** ASSIGNMENT **
Where an entry contains an image, skip the image and print the rest exactly.
**** MATERIAL SUPPLIED ****
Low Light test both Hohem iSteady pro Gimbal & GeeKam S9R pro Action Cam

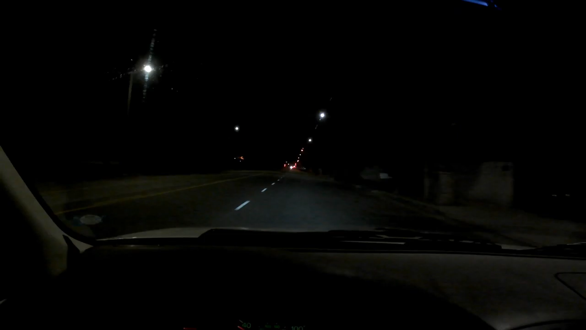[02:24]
Almost no light at all. Those lampposts don't do any justice. Even my headlights. Kind of hard to distinguish. And again, this is on auto mode. So no adjustments. Pretty steady though.
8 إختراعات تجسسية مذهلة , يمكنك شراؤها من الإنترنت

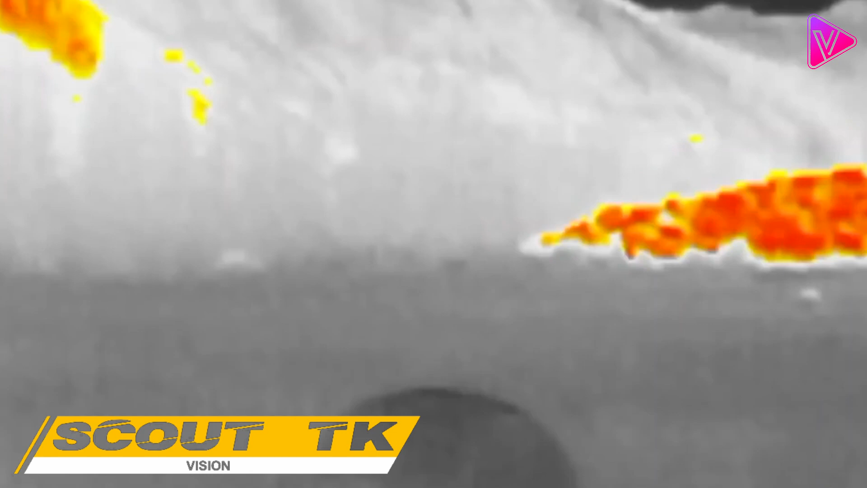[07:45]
سكاوت تي كاي سكاوت تي كاي من فلير هو جهاز رؤية
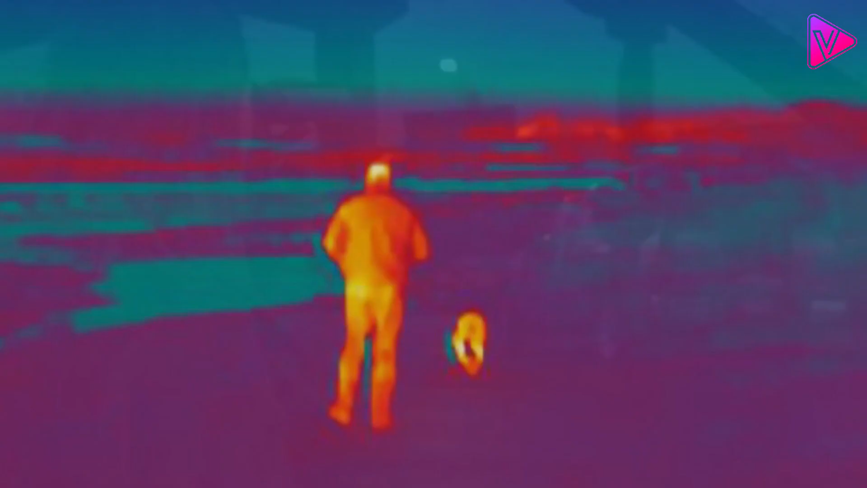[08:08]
في حالة الظلام التام وهو بسيط وصغير
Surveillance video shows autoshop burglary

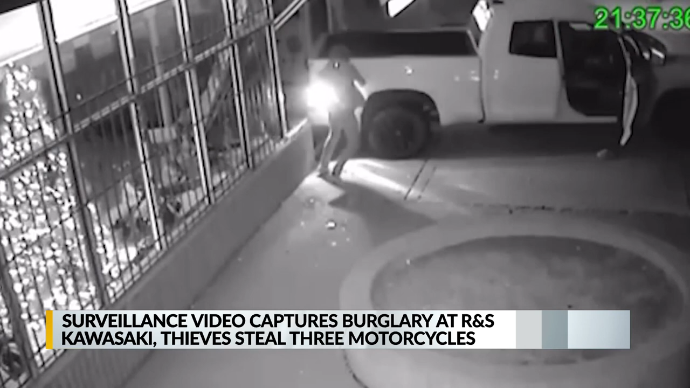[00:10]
Last night, surveillance video from R&S Kawasaki near Lomas and I-40 shows a white pickup truck back into the storefront. You see three people get out of the truck and load three lime green motorcycles into the back of the pickup.
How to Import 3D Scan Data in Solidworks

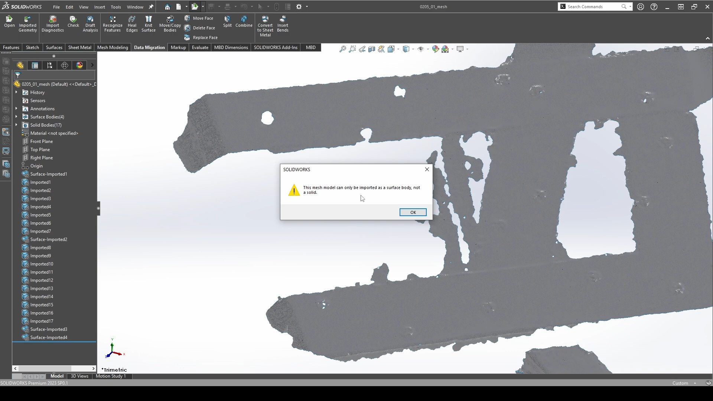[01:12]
Alright so we're back and it basically says this cannot be imported as a solid. It's imported as a surface body.
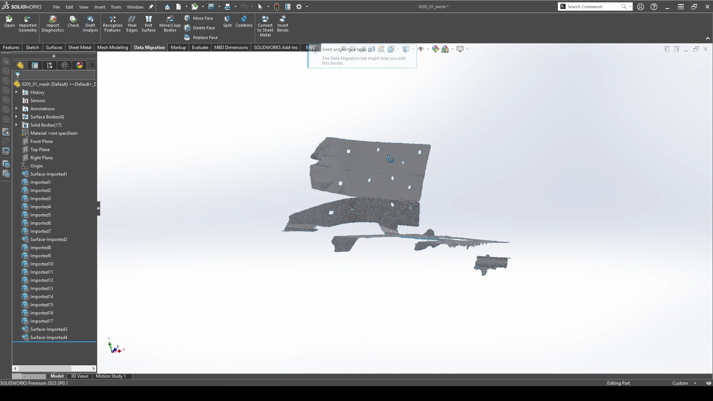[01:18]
So now that we're here we can clean things up a little bit. I like to go through and delete everything out that I need to because as you can
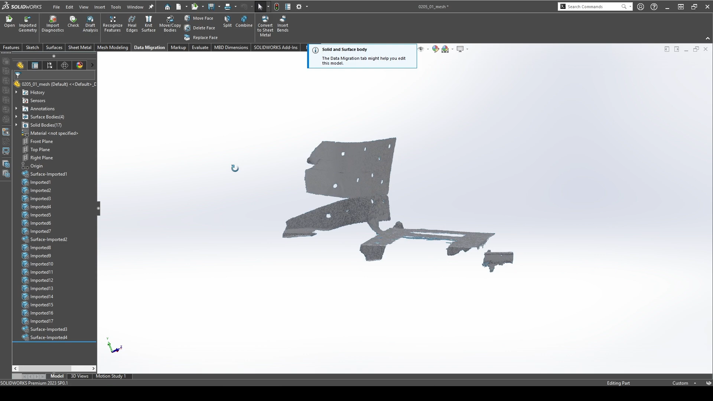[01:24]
see it kind of runs a little bit chunky because there's so many individual facets and triangles.
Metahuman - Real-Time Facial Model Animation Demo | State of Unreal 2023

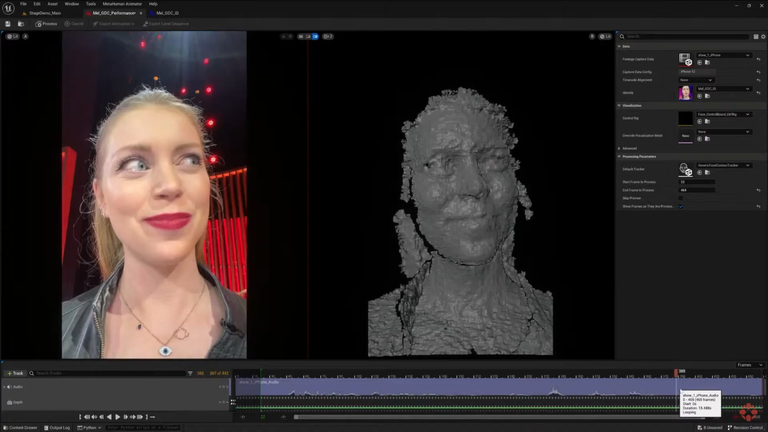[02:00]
John is currently scrubbing through the take to pick the section that he wants to process. John, are we all good with the data? Awesome. So from now on, it's just a single button click to kick off the processing,
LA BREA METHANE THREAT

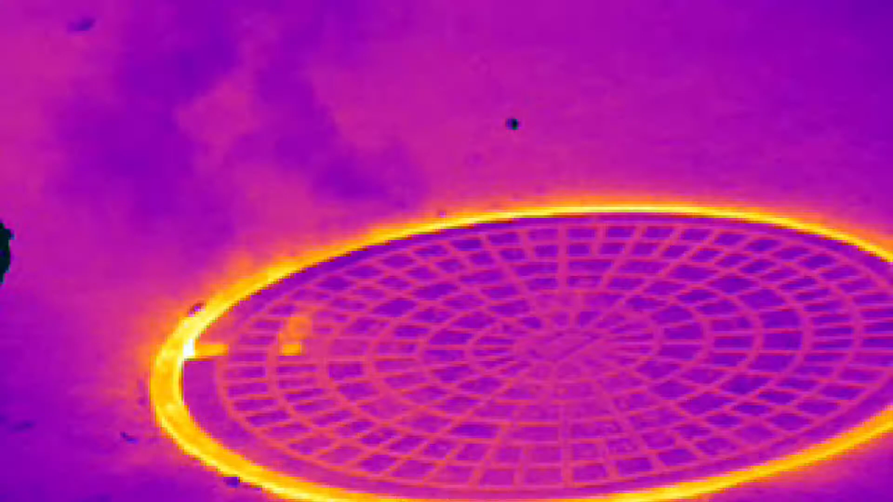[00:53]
the gases are escaping from every crack and fissure.
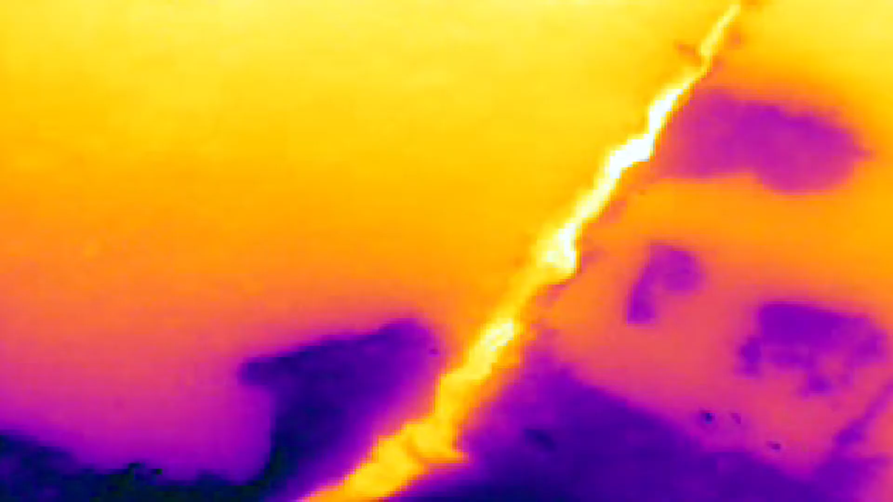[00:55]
People are totally unaware that they're walking through these gases that are,
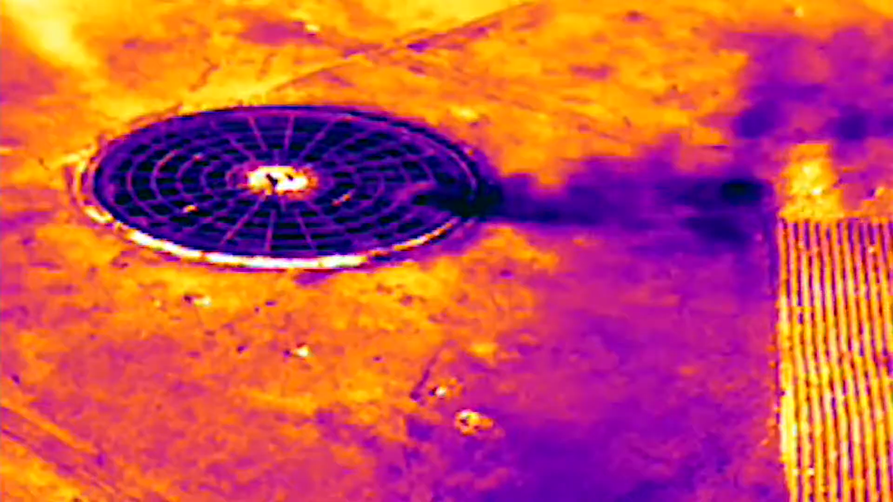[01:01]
can become explosive gases, can create fire.
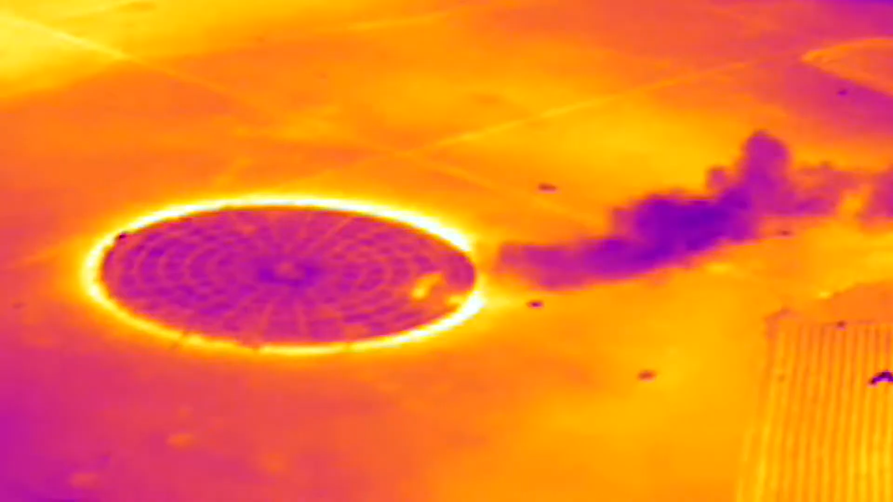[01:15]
It turns invisible leaks into real-time thermal images.
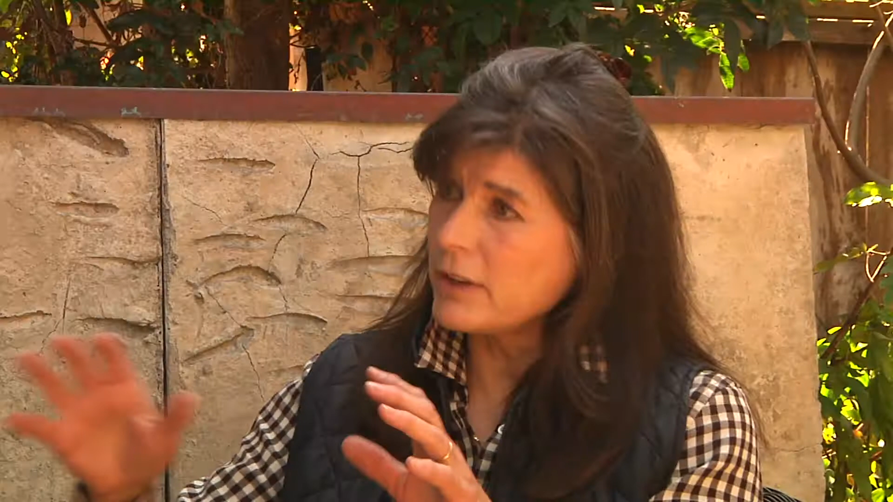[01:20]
****
** EXERCISE RESPONSE **
Low Light test both Hohem iSteady pro Gimbal & GeeKam S9R pro Action Cam

[02:24]
Almost no light at all. Those lampposts don't do any justice. Even my headlights. Kind of hard to distinguish. And again, this is on auto mode. So no adjustments. Pretty steady though.
8 إختراعات تجسسية مذهلة , يمكنك شراؤها من الإنترنت

[07:45]
سكاوت تي كاي سكاوت تي كاي من فلير هو جهاز رؤية
[08:08]
في حالة الظلام التام وهو بسيط وصغير
Surveillance video shows autoshop burglary

[00:10]
Last night, surveillance video from R&S Kawasaki near Lomas and I-40 shows a white pickup truck back into the storefront. You see three people get out of the truck and load three lime green motorcycles into the back of the pickup.
How to Import 3D Scan Data in Solidworks

[01:12]
Alright so we're back and it basically says this cannot be imported as a solid. It's imported as a surface body.
[01:18]
So now that we're here we can clean things up a little bit. I like to go through and delete everything out that I need to because as you can
[01:24]
see it kind of runs a little bit chunky because there's so many individual facets and triangles.
Metahuman - Real-Time Facial Model Animation Demo | State of Unreal 2023

[02:00]
John is currently scrubbing through the take to pick the section that he wants to process. John, are we all good with the data? Awesome. So from now on, it's just a single button click to kick off the processing,
LA BREA METHANE THREAT

[00:53]
the gases are escaping from every crack and fissure.
[00:55]
People are totally unaware that they're walking through these gases that are,
[01:01]
can become explosive gases, can create fire.
[01:15]
It turns invisible leaks into real-time thermal images.
[01:20]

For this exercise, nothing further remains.